> **Task prompt**:
A line belongs in the answer if it contains "data"; copy every such line from the entries below.

Extracted entries Start Marker

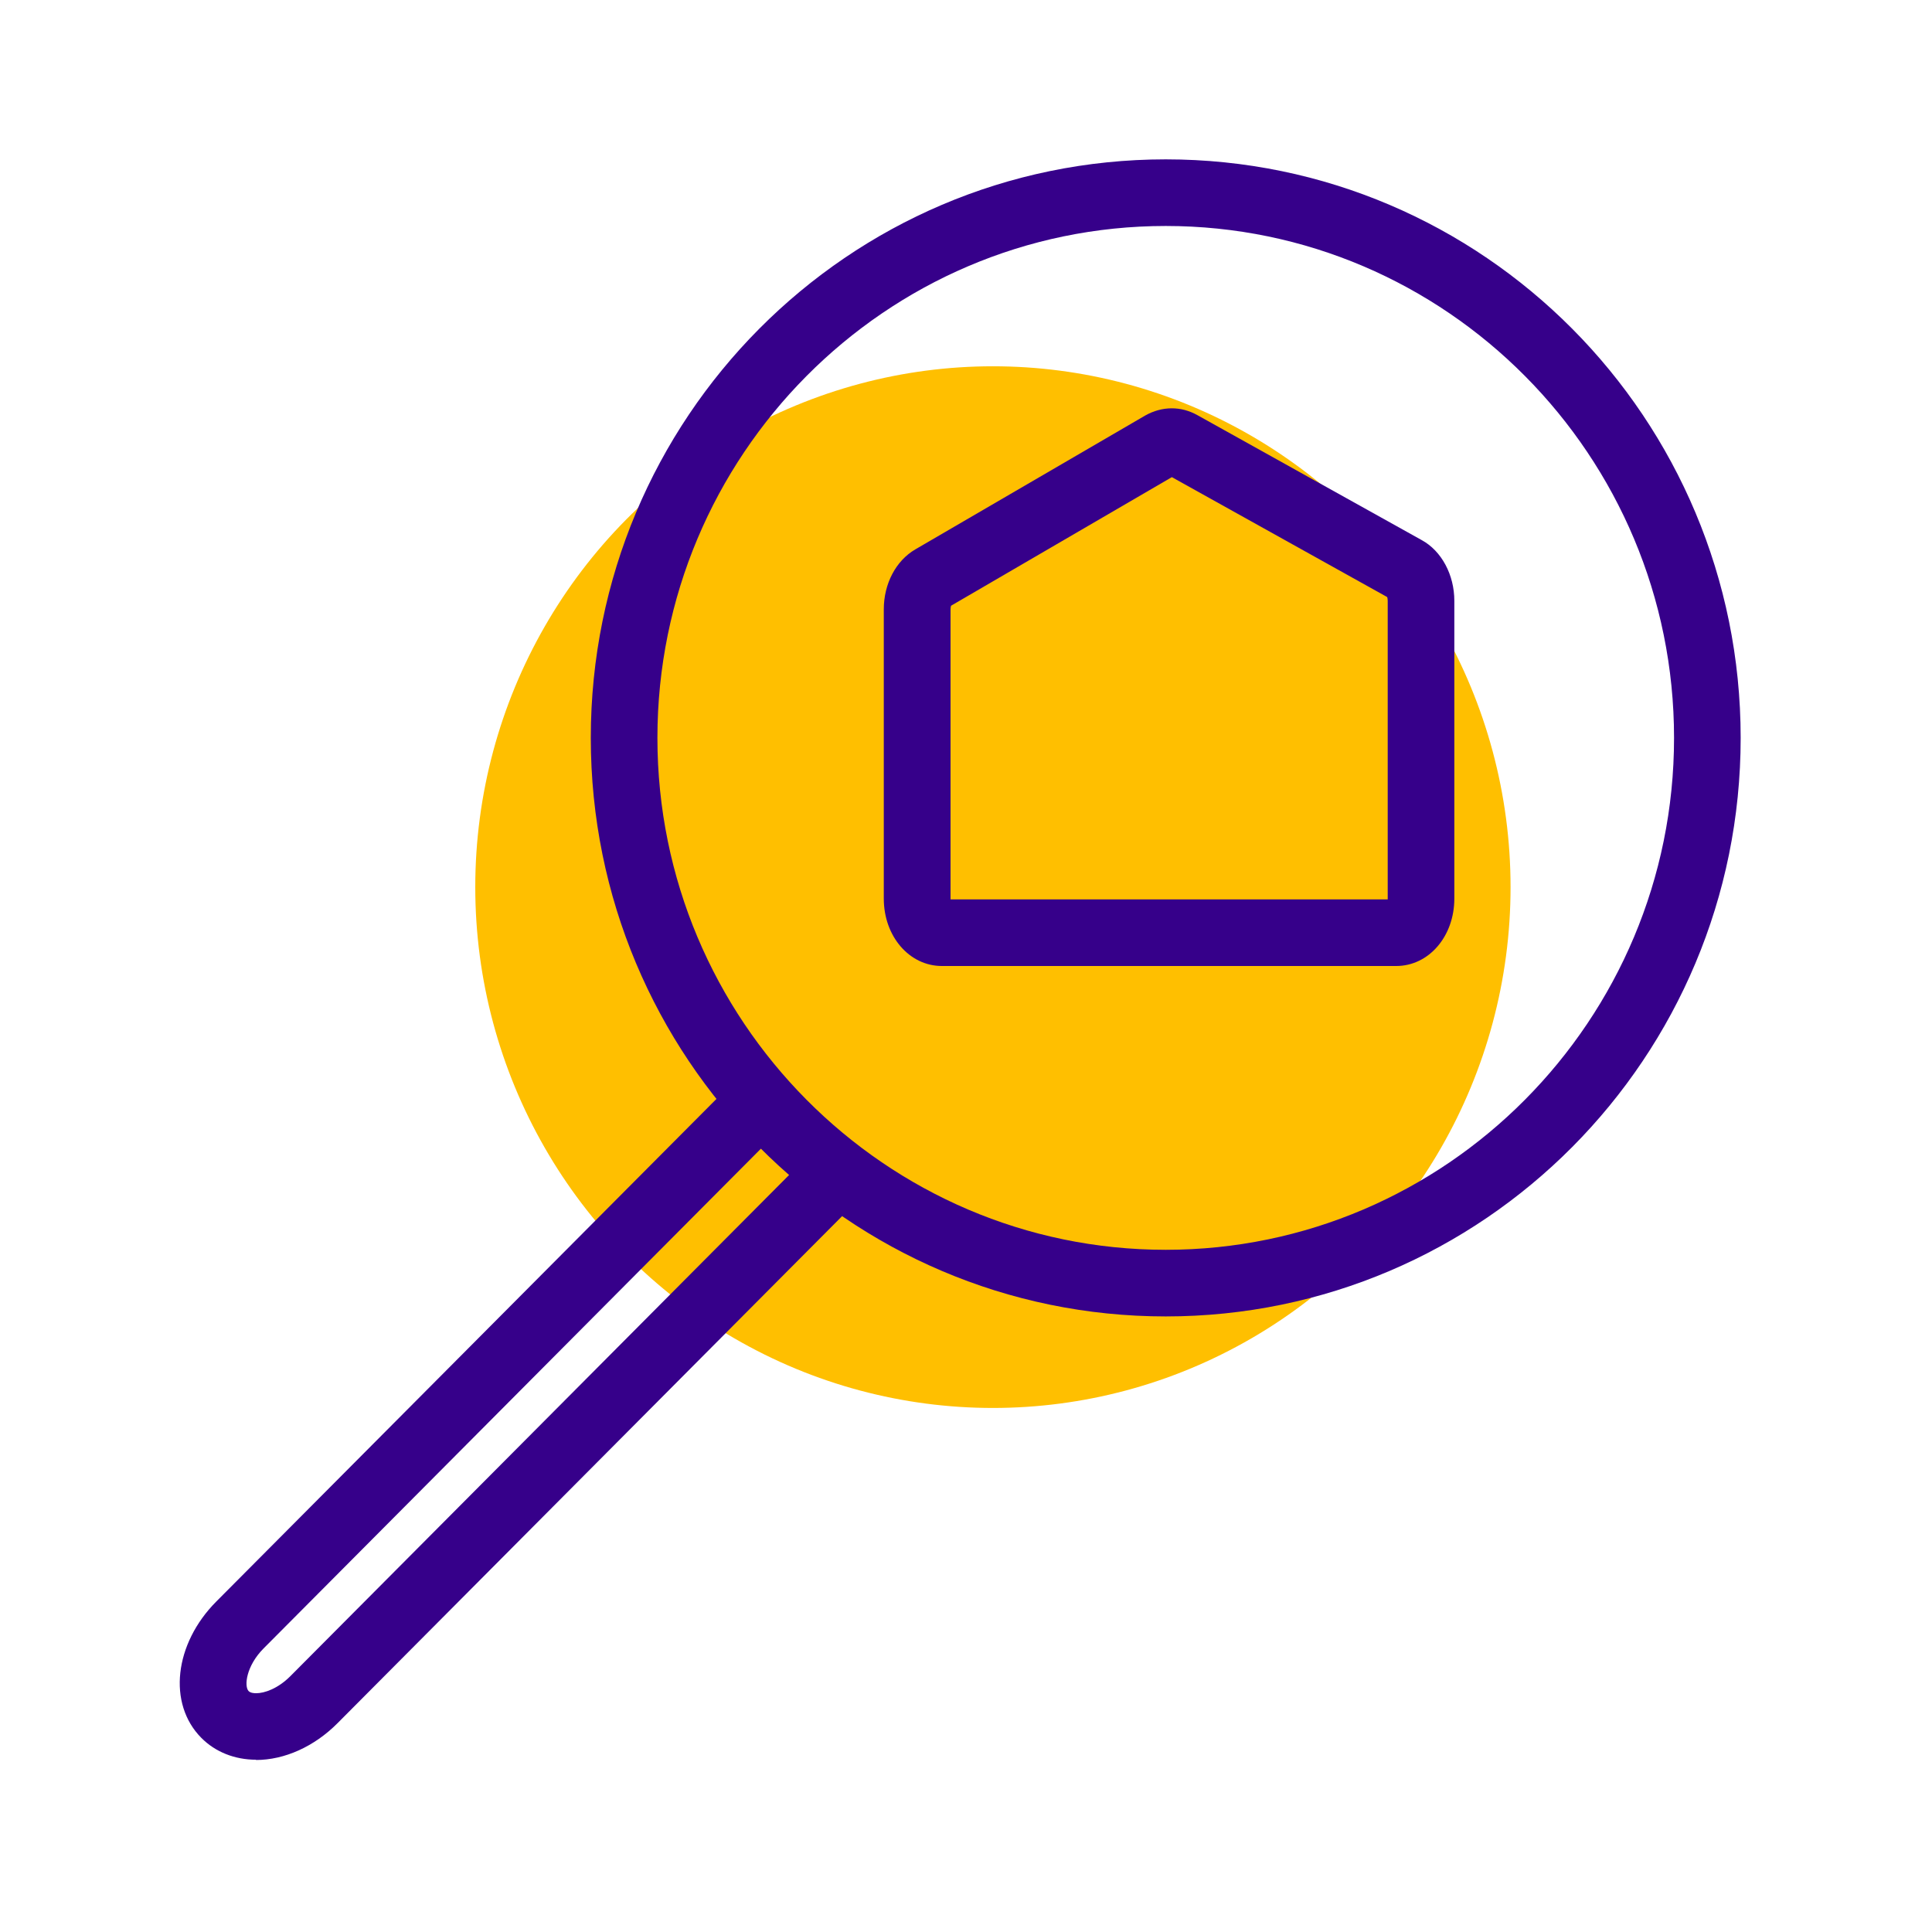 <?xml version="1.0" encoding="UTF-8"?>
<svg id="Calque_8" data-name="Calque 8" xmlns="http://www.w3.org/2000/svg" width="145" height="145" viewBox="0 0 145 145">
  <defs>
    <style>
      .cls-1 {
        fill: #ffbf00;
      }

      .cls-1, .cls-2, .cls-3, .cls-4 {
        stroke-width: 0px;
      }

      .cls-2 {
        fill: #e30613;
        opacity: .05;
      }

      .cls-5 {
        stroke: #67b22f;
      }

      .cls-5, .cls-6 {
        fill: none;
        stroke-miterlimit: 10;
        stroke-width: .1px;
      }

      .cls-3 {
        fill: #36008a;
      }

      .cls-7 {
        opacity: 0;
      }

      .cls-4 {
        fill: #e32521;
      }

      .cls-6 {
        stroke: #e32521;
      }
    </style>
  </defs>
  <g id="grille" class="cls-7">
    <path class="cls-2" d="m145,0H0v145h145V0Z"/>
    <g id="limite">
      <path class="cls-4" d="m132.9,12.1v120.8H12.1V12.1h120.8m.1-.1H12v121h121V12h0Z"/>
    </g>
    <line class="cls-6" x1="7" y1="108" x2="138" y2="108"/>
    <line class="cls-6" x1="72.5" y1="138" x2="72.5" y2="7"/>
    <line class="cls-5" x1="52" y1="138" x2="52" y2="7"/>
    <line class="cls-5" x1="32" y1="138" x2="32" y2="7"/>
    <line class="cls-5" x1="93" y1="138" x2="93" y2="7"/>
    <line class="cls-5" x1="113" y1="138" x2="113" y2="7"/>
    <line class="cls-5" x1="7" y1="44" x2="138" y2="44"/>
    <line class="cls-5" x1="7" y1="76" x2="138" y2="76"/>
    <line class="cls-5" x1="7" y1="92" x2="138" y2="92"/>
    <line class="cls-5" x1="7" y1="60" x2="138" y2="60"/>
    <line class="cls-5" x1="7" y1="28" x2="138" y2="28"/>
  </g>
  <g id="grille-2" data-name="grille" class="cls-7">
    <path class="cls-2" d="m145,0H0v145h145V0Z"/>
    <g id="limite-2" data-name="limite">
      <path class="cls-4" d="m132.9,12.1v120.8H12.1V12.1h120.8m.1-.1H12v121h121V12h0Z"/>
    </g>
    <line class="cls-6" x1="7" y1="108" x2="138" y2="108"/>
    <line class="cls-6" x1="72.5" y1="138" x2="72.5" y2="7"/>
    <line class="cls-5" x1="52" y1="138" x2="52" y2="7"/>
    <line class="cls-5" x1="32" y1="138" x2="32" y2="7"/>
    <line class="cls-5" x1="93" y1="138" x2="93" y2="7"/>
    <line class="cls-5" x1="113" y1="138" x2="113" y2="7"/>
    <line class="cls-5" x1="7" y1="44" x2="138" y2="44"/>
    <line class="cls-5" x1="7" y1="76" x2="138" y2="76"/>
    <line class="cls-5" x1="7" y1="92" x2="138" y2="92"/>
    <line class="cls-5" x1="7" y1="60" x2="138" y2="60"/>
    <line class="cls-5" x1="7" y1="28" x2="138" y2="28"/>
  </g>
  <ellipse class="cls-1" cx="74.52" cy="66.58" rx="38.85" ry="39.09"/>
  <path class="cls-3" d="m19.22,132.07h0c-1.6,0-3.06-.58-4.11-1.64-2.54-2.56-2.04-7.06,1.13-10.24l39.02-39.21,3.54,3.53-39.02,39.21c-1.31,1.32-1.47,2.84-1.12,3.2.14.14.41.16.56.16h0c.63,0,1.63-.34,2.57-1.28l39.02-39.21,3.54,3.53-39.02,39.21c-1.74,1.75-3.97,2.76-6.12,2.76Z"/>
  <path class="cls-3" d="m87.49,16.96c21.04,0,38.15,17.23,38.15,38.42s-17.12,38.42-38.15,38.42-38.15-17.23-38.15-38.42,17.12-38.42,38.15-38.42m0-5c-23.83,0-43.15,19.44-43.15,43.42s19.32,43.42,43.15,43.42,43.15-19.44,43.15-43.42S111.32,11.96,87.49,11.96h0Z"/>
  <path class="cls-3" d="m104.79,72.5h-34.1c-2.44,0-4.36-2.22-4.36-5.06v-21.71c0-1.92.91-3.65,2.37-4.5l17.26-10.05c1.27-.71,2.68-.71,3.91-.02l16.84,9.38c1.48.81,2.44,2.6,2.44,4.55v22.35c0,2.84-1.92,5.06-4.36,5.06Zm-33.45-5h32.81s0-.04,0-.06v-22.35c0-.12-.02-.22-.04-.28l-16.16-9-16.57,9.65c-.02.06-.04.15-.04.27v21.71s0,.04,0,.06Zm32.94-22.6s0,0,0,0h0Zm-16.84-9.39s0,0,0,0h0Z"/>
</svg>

Extracted entries End Marker

> **Reply**:
<svg id="Calque_8" data-name="Calque 8" xmlns="http://www.w3.org/2000/svg" width="145" height="145" viewBox="0 0 145 145">
  <g id="grille-2" data-name="grille" class="cls-7">
    <g id="limite-2" data-name="limite">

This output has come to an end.